Key Takeaways for HPV and Cervical Cancer Screening


This video series was sponsored by Roche Diagnostics.

Drs Emily K. Hill, Sangini S. Sheth, and Mark H. Stoler share practice pearls for HPV and cervical cancer screening and express their hope for emerging testing options.

Dr Thomas C. Wright Jr: Excellent. As we begin to wrap up this conversation, does anybody have any additional comments they'd like to make? Dr Sheth? Dr Hill?

Dr Emily K. Hill: I ust wanted to comment that we didn't really get a chance to talk about this, but there are, I think, also some studies looking at artificial intelligence and deep learning algorithms to implement some of these technologies that we have for screening; triaging women with HPV related issues is also a kind of an exciting development. Again, we don't have a lot of time to go into it, but a lot of interesting studies are supporting that as a new technology that we can use for helping managing HPV related diseases.

Dr Thomas C. Wright Jr: Essentially using visual methods with artificial intelligence trained algorithms?

Dr Emily K. Hill: Exactly.

Dr Thomas C. Wright Jr: Right.
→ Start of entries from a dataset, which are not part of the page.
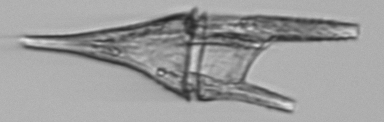
Label: Tripos_furca
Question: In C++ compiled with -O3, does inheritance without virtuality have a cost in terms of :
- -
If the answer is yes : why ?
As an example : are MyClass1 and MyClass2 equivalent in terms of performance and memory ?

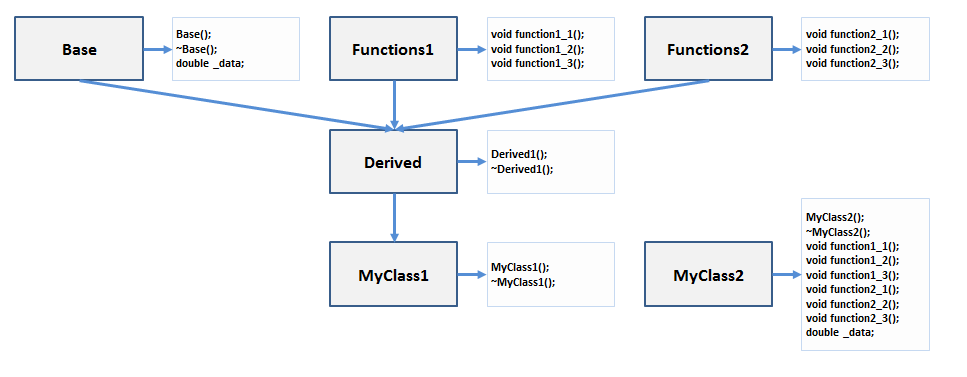
Answer: > execution time
Of what? Functions are resolved statically, so function calls are the same. 'MyClass1''s constructor will call the constructors of base classes, and its destructor will call destructors of base classes, so for construction & destruction there may be some overhead. . Some compilers might optimize the calls away.
> memory
This will be the same, both only have a member 'double'. Theoretically. Depends on the implementation I guess, as it's not mandated by the standard, but most commonly there will be no memory overhead.
that deleting an object 'MyClass1' through a pointer to 'Derived' results in undefined behaviour, because there's no 'virtual' destructor.
inheritance without polymorphism is a code smell. Not saying it's wrong, but in most cases composition is better.

Dr Sheth, any closing thoughts?

Dr Sangini S. Sheth: Yes, my final thought is we focused a lot today on screening, of course we talked about vaccination, and the final piece is that women who have or people who have abnormal results, a key component of that is the linkage to care to follow up on abnormal results, and I think ultimately the goal of this conversation is to close the gap on cervical cancer or even working towards elimination. The last piece of that is that linkage of care of abnormal results, whatever form of screening, we may be using.

Dr Thomas C. Wright Jr: Right, very important points, clearly. Dr Stoler?
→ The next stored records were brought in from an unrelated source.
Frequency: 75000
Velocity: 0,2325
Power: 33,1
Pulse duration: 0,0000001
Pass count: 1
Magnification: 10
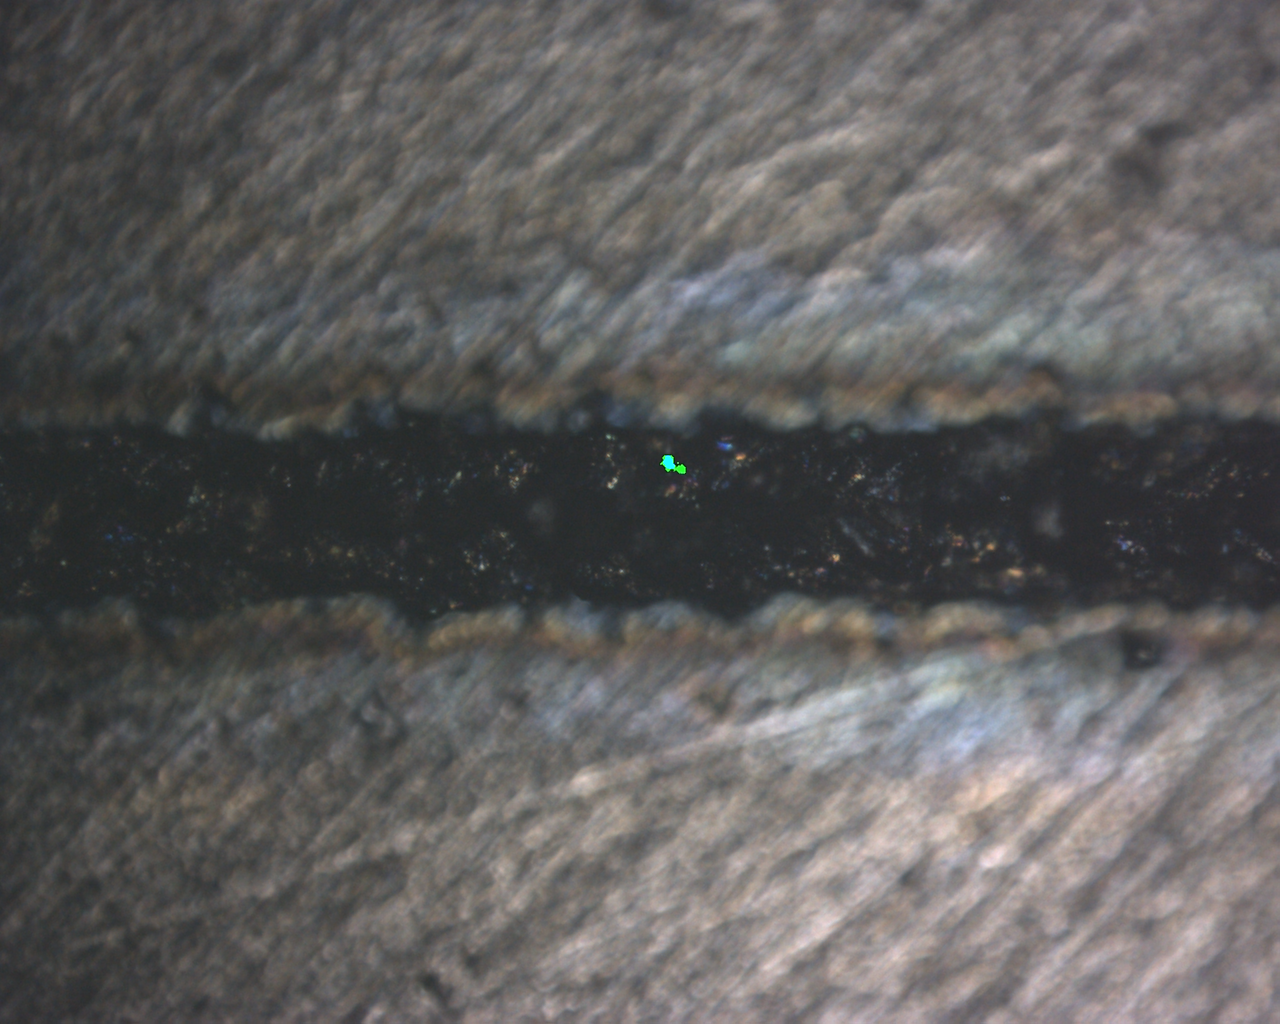
Measured width: 134.121
Other width: 77.347

Dr Mark H. Stoler: I'd emphasize that last point that the whole purpose of screening is to find the precancer, and if you can't treat the precancer, you're not doing anything with screening. That being said, life is getting a little more complex. We talked about extended genotyping, dual stain, different algorithms. How is the clinician and/or patient supposed to keep this all straight? I think more important than artificial intelligence apply to Pap smears [Papanicolaou tests] as a way of improving the performance of pap smears is the development of information systems and apps like the ASCCP [American Society of Colposcopy and Cervical Pathology] has developed that will essentially allow the app or the program to acquire the data from the patient record. What's the Pap history? What's the HPV test? What's the type? Was dual stain done to then give the clinician more direct guidance? You don't have to remember what the HPV type is. You just need to know whether the patient is safe to get retested in 5 years vs they have to get a colposcopy vs their risk is so high that no matter what the colposcopy shows you might end up treating them anyhow. It's that synthesis of clinical data that we now have so much good data that really says we can more precisely at the individual level synthesize these data and give you a risk that clearly tells the clinician what should happen to the patient. I think we're going to see more and more of that as we go forward because clinicians don't want to really know which test and they don't have time to become necessarily as expert in all the nuances of laboratory testing and data analysis that the data really support.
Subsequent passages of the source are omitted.